Comme on dit ici chez nous au Burkina Faso, un baobab est tombé en ce jour 28 août 2023 : c’est avec une grande tristesse que j’ai appris le décès de mon ami Jacques Chevrier en étant assis dans mon village pour des vacances.
J’ai connu Jacques Chevrier, d’abord en 1976, à travers son grand ouvrage Littérature nègre qui a été mon livre de chevet dès 1977, quand je suis arrivé en France pour poursuivre mes études de Littératures africaines. Depuis, je ne me suis plus jamais séparé de l’ouvrage jusqu’à nos jours.

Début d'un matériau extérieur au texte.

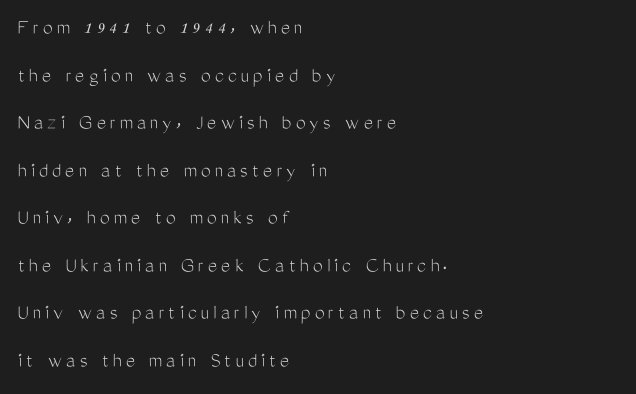
Is the stroke heavy? The answer is a plain regular-or-lighter. This sample trades compactness for vertical openness between lines. The compositor pushed each line to the left boundary. The strip under each line holds only bare page. The specimen reads as upright at a glance.
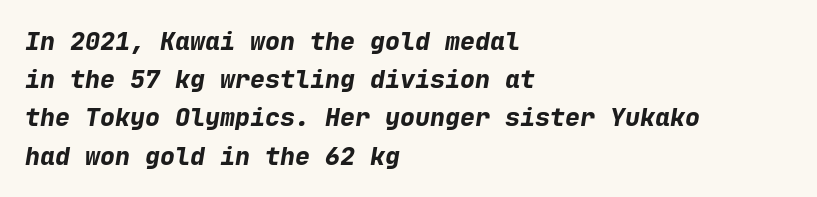
You can tell it's italic because the verticals aren't actually vertical. The gaps between neighbouring characters are ordinary and unremarkable. Casual observation: everything's shoved over to the left. Nobody drew a line under any word here.
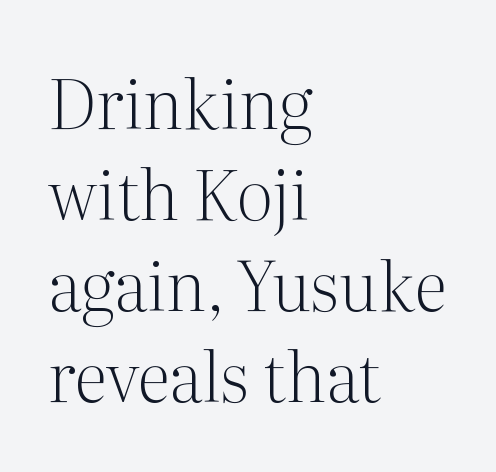
The area under the type is left untouched. Each letter keeps its own natural width here, so spacing adapts to shape. This sample keeps an unexceptional amount of space between lines. In terms of letterform style, serifs are clearly present. On a weight scale, this lands at 450 or below.
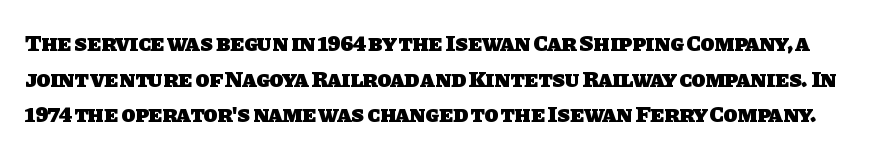
{"bold": "yes", "underline": "no", "line_spacing": "normal", "line_spacing_ratio": 1.55, "letter_spacing": "normal", "letter_spacing_em": 0.0, "glyph_px": 23}
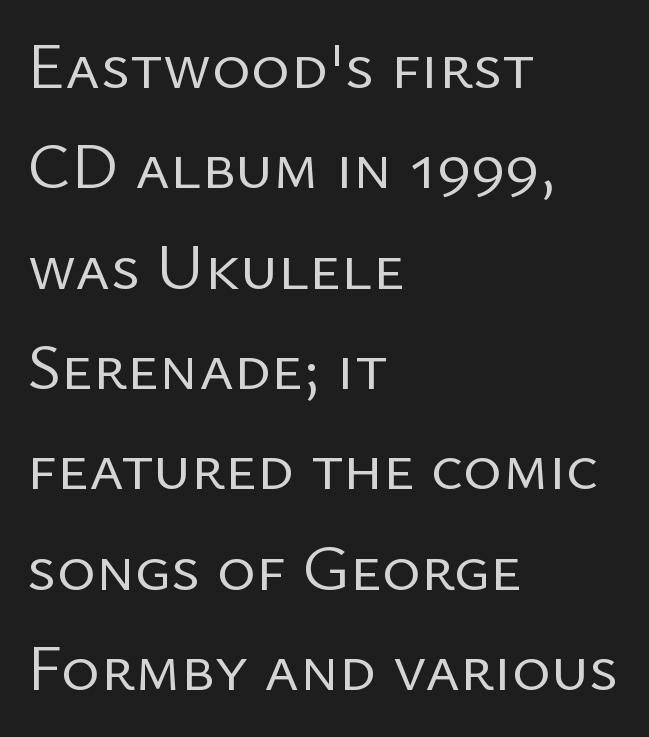
The image shows 66 px regular-weight sans-serif type, upright; set left-aligned, normal line spacing (1.52x), normal letter spacing, not underlined; low stroke contrast and a medium x-height.
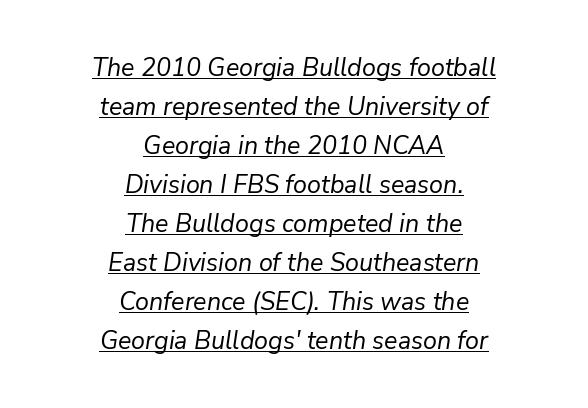
Q: Is the text bold? A: No.
Q: Is the text italic (slanted)? A: Yes, it leans right by about 9 degrees.
Q: Is the text underlined? A: Yes.
Q: How is the paragraph aligned? A: Centered.
Q: Is the spacing between letters normal or unusually wide? A: Normal.
Q: Is the spacing between lines tight, normal or loose? A: Normal.

Quand, en 1990, à l’Université de Ouagadougou, nous avons mis en place le Réseau d’Etudes sur les Littératures du Sahel (RELIS), suite au premier grand colloque dont j’étais l’organisateur, j’ai eu l’immense privilège de rencontrer celui qui allait devenir un ami pour moi : en effet, ayant été désigné Coordonnateur de ce réseau, il me revenait de contacter tous les grands noms de la littérature africaine pour nous accompagner dans cette aventure. Et c’est ainsi qu’en 1992, par l’entremise d’un autre grand de la littérature africaine, j’ai nommé le Professeur Jean-Marie Grassin, il m’a été donné de rencontrer physiquement Jacques Chevrier à l’Université de Limoges, dans le cadre d’une manifestation scientifique du RELIS. Il m’a tout de suite adopté en m’encourageant dans mes responsabilités de Président du RELIS et m’a prodigué des conseils qui m’ont permis de connaître le milieu des « Africanistes » des universités françaises.

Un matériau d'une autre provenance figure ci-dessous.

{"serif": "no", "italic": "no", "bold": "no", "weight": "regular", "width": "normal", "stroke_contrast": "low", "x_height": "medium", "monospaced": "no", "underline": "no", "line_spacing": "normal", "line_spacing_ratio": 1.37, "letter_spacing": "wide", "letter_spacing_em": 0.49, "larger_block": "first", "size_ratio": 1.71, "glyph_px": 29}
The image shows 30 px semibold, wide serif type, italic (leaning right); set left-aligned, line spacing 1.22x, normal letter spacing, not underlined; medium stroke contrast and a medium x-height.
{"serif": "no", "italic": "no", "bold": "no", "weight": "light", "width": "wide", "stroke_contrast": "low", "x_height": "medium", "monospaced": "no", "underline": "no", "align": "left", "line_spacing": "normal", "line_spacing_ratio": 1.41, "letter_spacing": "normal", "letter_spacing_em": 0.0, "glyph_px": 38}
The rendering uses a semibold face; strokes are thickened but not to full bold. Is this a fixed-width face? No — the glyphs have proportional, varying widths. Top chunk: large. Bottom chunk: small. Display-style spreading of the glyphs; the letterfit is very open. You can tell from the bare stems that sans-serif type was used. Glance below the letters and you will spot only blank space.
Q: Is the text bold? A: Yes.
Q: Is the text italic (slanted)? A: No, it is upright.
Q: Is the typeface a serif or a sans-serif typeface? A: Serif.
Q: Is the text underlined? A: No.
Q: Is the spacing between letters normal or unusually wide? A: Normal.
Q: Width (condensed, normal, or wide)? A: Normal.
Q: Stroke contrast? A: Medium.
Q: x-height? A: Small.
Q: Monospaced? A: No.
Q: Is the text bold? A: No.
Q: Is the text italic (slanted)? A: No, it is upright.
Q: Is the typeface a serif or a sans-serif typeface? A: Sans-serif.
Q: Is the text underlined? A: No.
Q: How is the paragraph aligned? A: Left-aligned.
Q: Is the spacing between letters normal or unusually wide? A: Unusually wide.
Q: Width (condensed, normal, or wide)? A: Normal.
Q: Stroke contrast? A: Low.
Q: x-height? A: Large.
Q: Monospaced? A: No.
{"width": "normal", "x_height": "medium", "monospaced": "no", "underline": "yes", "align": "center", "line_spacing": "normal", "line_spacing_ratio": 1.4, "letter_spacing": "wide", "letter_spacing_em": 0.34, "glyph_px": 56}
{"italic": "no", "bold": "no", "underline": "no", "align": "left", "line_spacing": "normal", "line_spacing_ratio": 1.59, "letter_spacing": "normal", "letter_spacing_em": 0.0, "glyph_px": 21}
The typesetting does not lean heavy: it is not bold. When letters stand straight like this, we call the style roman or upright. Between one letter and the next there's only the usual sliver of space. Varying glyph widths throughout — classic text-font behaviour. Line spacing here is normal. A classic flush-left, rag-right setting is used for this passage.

J’ai continué à le rencontrer régulièrement à Limoges, dans le cadre des activités scientifiques de l’Université de la Francophonie et du Festival international des Francophonies dont il était membre du Conseil d’administration. Nos relations se sont renforcées au point où il a fait de moi son ami. C’est ainsi qu’il n’a pas hésité à me solliciter pour être membre du jury de la thèse de mon ancien étudiant de l’Université de Ouagadougou, j’ai nommé Alain Joseph Sissao à l’Université Paris 12 Créteil. Ensuite, quand il est arrivé à l’Université Paris-4 Sorbonne, il m’a associé au jury de la thèse d’une autre de ses doctorantes. En plus de ces sollicitations, nous nous sommes rencontrés dans d’autres jurys d’Habilitation à diriger les Recherches (HDR), notamment celle de Christiane Albert, à l’Université de Pau et des Pays de l’Addour.

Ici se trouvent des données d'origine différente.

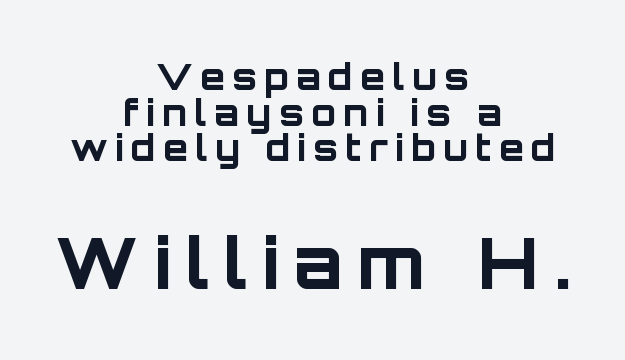
Q: Is the text bold? A: Yes.
Q: Is the text italic (slanted)? A: No, it is upright.
Q: Is the typeface a serif or a sans-serif typeface? A: Sans-serif.
Q: Is the text underlined? A: No.
Q: How is the paragraph aligned? A: Centered.
Q: Is the spacing between letters normal or unusually wide? A: Unusually wide.
Q: Is the spacing between lines tight, normal or loose? A: Tight.
Q: Which block of text is set in a larger size, the first (top) or the second (bottom)? A: The second (bottom) one.
Q: Width (condensed, normal, or wide)? A: Normal.
Q: Stroke contrast? A: Low.
Q: x-height? A: Large.
Q: Monospaced? A: No.
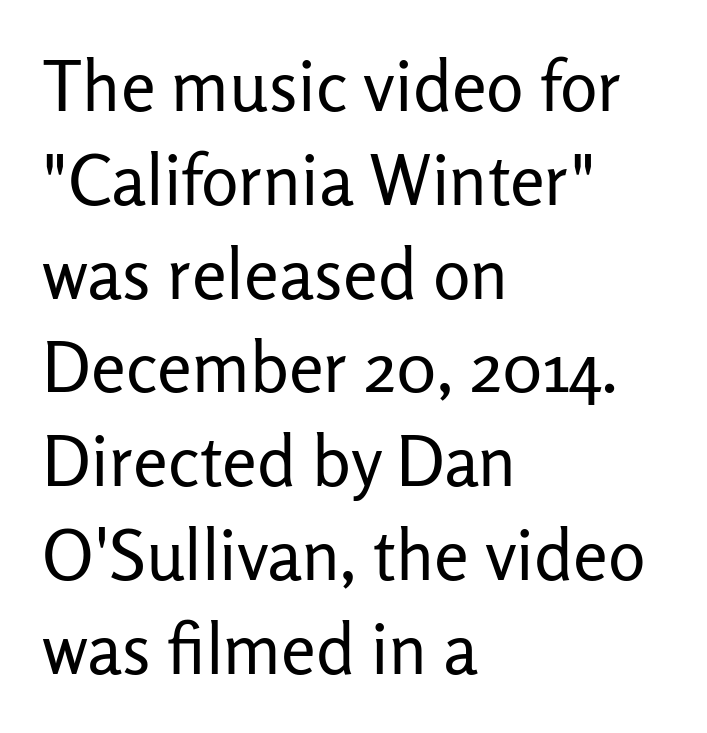
The letters stand upright; this is a roman face. Lines of text with bare space underneath. The letters advance in unequal steps, a hallmark of proportional type. Caption: face not bold, strokes unweighted.

Il a participé à des colloques que j’ai organisés au Burkina, en 1996, 1998, 2000 et 2002.
Le plus grand souvenir que je garde de mon ami Jacques Chevrier, c’était au Festival Panafricain d’Alger, le PANAF, en 2009. En effet, membre de la délégation du Burkina Faso, nous avons partagé de bons moments ensemble, lors des différents colloques organisés à cette occasion. Mais surtout, c’est à Alger que j’ai appris mon inscription sur la Liste d’Aptitude aux Fonctions de Professeur Titulaire (LAFPT) du Conseil Africain et Malgache pour l’Enseignement Supérieur, CAMES. Je m’en souviens comme si c’était hier : Jacques Chevrier fut la première personne avec laquelle j’ai partagé ma joie et il m’a vivement félicité en me disant que c’était la récompense du travail qu’il m’a vu abattre depuis que nous nous connaissions. En bon Africain, je peux affirmer que c’est Dieu qui a voulu que Jacques Chevrier fût la première personne qui a partagé ma joie, quelqu’un qui me connaît de longue date, qui a suivi mon évolution dans la carrière universitaire, qui a su apprécier mon travail scientifique.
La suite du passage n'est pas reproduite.